SUGAR SHOCK!: How Sweets and Simple Carbs Can Derail Your Life—and How You Can Get It Back on Track by Connie Bennett, with Dr. Stephen Sinatra

In the 1970s and 1980s, most major American food manufacturers began replacing sugar (sucrose, made from sugarcane or beets) with such corn-based sweeteners such as high-fructose corn syrup (HFCS). High-fructose corn syrup now is found in an astonishing array of processed goods, including soft drinks and fruit juices, as well as condiments, breads, cookies, breakfast cereals, pasta sauces, frozen foods, jams, and jellies. Food manufacturers made the switch from cane- and beet-based sugar to corn-based HFCS because it’s far cheaper to produce than sucrose. Not only that, but high-fructose corn syrup is sweeter, is easier to handle during processing, has a longer shelf life, and keeps baked goods soft while giving them a warm toasty color. Interestingly, as the use of high-fructose corn syrup has soared, America’s obesity problem has also spiraled out of control. In fact, journalist Greg Critser, author of the intriguing Fat Land: How Americans Became the Fattest People in the World, observes that the lower-priced HFCS has allowed food producers to increase portion sizes without sacrificing profits. Ultimately, he notes, overconsumption of HFCS is “skewing the national metabolism toward fat storage.” Now, a growing body of research and articles support that statement. Indeed, one examination of our sweetener consumption patterns, which was published in the American Journal of Clinical Nutrition, found that in a mere 20 years (from 1970 to 1990), consumption of high-fructose corn syrup leaped by more than 1,000 percent, “far exceeding the changes in intake of any other food or food group.” This review of medical literature on the subject, headed up by the internationally renowned obesity and diabetes authority George Bray, M.D., Boyd professor at the Pennington Biomedical Research Center of the Louisiana State University System and professor of medicine at LSU Medical Center, concluded that the "increased use of HFCS in the United States mirrors the rapid increase in obesity.”
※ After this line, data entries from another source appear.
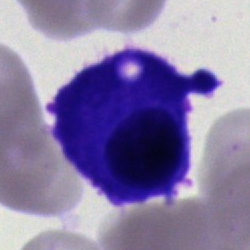 Q: What cell is this?
A: Plasma cell.
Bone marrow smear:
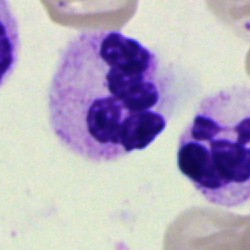 Impression — neutrophil (segmented).
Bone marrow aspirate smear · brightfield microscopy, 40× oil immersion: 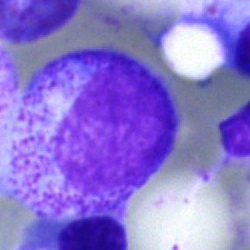Cell: myelocyte.
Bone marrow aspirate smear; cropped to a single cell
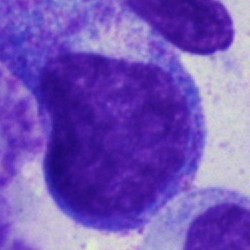A promyelocyte.
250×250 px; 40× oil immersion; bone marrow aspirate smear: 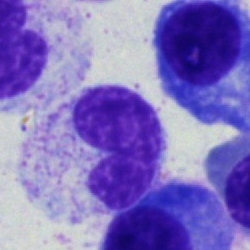Impression — band-form neutrophil.
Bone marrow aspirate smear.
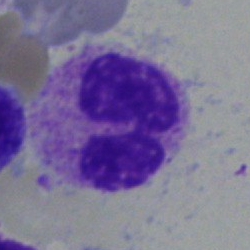 Single cell identified as a polymorphonuclear neutrophil.
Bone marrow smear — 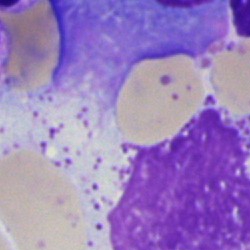

Single cell identified as an artifact.
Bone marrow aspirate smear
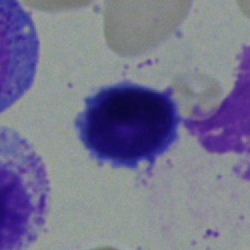

The cell type is lymphocyte.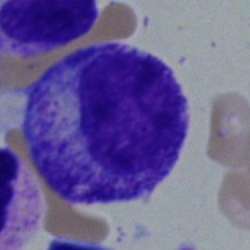Cell — myelocyte.
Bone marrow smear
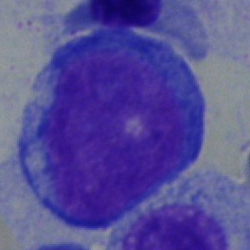

Specimen: bone marrow aspirate smear.
Cell: pronormoblast.
Lineage: erythroid.
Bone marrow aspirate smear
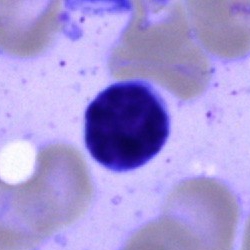 Typical lymphocyte.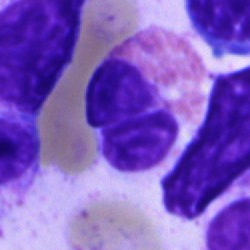
Single-cell crop from a bone marrow smear: eosinophil.
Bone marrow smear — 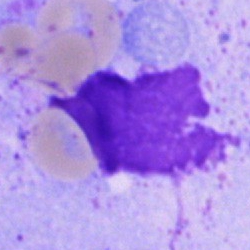
Q: What is shown here?
A: It is an artifact.
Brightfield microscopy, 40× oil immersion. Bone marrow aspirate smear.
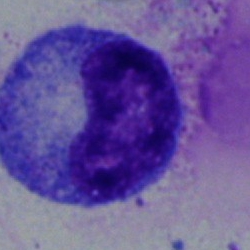Cell: metamyelocyte.
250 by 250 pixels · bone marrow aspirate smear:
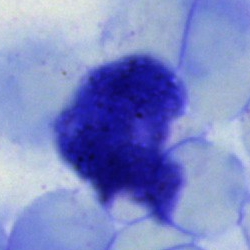Showing an unidentifiable cell.

SUGAR SHOCK! (Berkley Books) includes more fascinating information that links corn-based fructose with obesity and an increased risk of developing cardiovascular disease. The book -- which also dishes other sour news about sweets -- offers helpful tips and tactics to help people to break free of their sugar addiction. You can buy SUGAR SHOCK! here. Check out Connie's provocative http://www.sugarshockblog.com/, too.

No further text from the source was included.